Le Kremlin n’a même pas besoin de tirer un seul missile supplémentaire. Il lui suffit d’attendre que les arsenaux occidentaux se vident au Moyen-Orient. Puis de frapper quand les batteries Patriot seront à sec. La guerre se gagne parfois sans combattre — Sun Tzu l’avait compris il y a 2 500 ans.
Les Russes savent compter
Le lieutenant-général Romanenko est explicite : les Russes savent que l’Ukraine ne possède que quelques batteries Patriot. Ils connaissent les emplacements. Ils ciblent délibérément les villes et les infrastructures non couvertes. Les ingénieurs russes ont adapté leurs missiles Iskander-M pour effectuer des manœuvres de trajectoire en vol, forçant les opérateurs Patriot à tirer plusieurs intercepteurs par cible. C’est de l’attrition mathématique. Chaque interception coûte 8 à 12 millions de dollars. Chaque Iskander russe en coûte environ 3 millions. L’agresseur dépense trois fois moins que le défenseur.

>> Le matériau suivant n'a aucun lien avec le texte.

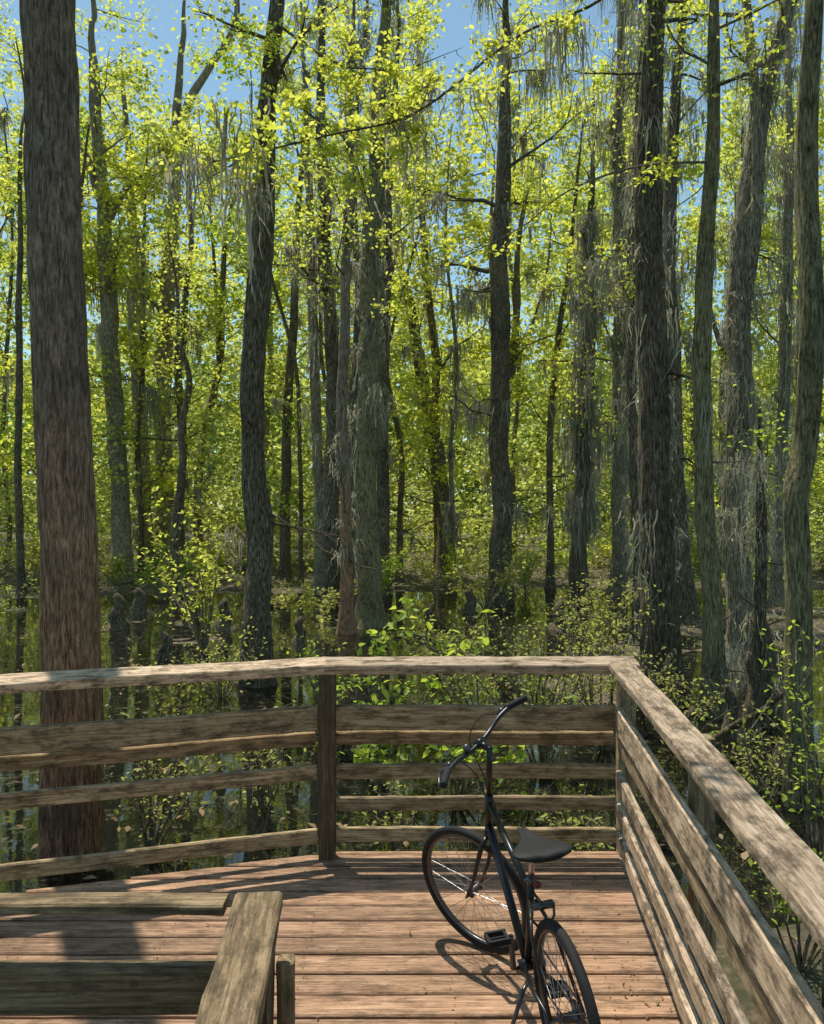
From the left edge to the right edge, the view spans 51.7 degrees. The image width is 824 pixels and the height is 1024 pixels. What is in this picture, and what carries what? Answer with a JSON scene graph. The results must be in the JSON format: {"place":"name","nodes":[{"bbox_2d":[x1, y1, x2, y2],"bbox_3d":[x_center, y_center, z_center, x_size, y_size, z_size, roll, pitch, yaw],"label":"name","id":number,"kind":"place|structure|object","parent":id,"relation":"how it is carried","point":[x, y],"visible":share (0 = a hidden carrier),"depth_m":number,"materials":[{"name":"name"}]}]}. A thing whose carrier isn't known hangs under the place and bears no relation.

Cette asymétrie est le secret le mieux gardé de cette guerre. Les systèmes de défense aérienne occidentaux ont été conçus pour des scénarios de guerre limitée — quelques dizaines de missiles à intercepter, pas des centaines par mois. La Russie a transformé ses frappes balistiques en arme économique : chaque missile qu’elle lance force l’Occident à dépenser trois à quatre fois plus pour s’en défendre. Et maintenant, l’Iran fait exactement la même chose.
La proposition Zelensky : des drones contre des missiles
L’offre que personne ne peut refuser (et que tout le monde ignore)

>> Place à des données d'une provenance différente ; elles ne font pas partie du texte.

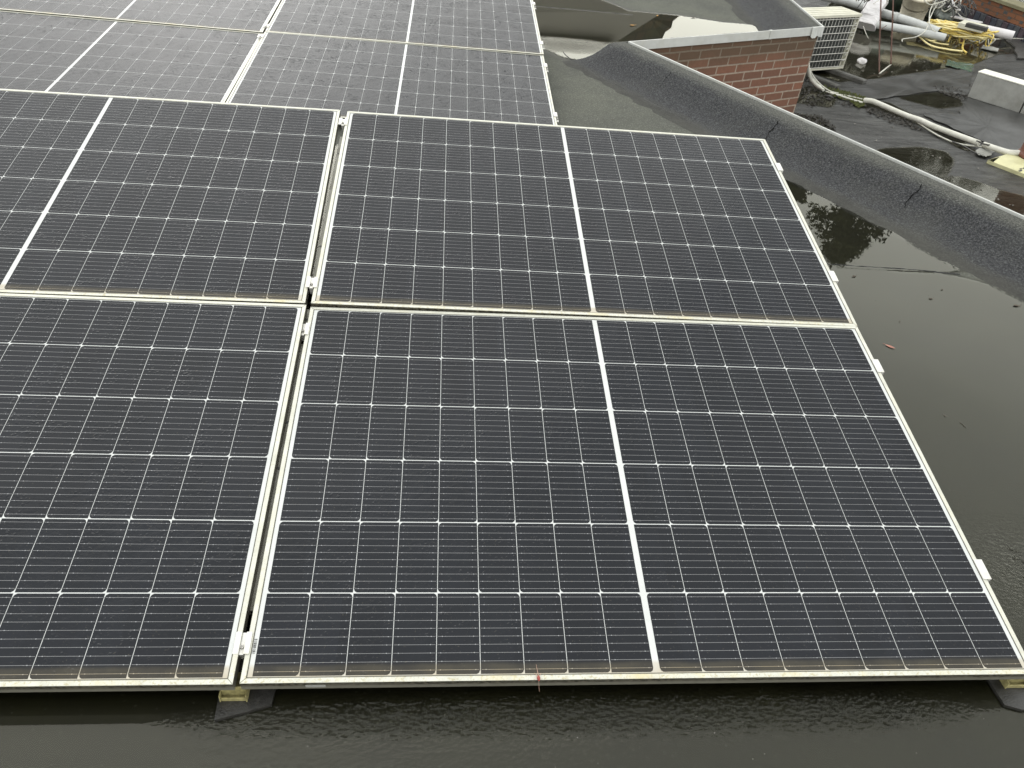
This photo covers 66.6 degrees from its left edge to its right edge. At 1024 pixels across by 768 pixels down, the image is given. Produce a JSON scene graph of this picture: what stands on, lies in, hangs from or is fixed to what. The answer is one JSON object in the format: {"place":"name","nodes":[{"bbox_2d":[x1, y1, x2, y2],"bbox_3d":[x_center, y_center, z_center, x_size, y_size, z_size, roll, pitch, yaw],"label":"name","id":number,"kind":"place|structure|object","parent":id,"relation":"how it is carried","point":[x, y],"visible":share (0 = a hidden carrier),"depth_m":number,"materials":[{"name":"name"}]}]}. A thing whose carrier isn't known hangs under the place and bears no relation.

Face à cette hémorragie balistique, le président Zelensky a proposé une solution aussi pragmatique qu’élégante. L’Ukraine est devenue, au fil de quatre ans de guerre, la première puissance mondiale en matière de drones intercepteurs à bas coût. Ces systèmes — développés dans l’urgence du champ de bataille — peuvent neutraliser les drones Shahed iraniens pour une fraction du coût d’un Patriot.
La proposition de Zelensky est simple : échanger des drones intercepteurs ukrainiens contre des missiles Patriot des pays partenaires. L’Ukraine fournirait son expertise et ses technologies pour protéger les civils et les infrastructures pétrolières du Moyen-Orient contre les drones iraniens. En retour, les partenaires libéreraient des intercepteurs Patriot pour la défense du ciel ukrainien. « Les systèmes Patriot seuls ne suffiraient pas à intercepter tous les drones Shahed », a souligné Zelensky. Le ministre des Affaires étrangères Andrii Sybiha a appuyé en présentant l’expertise de combat ukrainienne comme un atout géopolitique.
Quatre ans de guerre ont fait de l’Ukraine le plus grand laboratoire de défense aérienne du monde. Ses ingénieurs ont développé des solutions que les bureaux d’études les plus richement dotés de la planète n’ont pas su imaginer. Et personne ne veut faire affaire. Il y a quelque chose de profondément obscène dans ce refus.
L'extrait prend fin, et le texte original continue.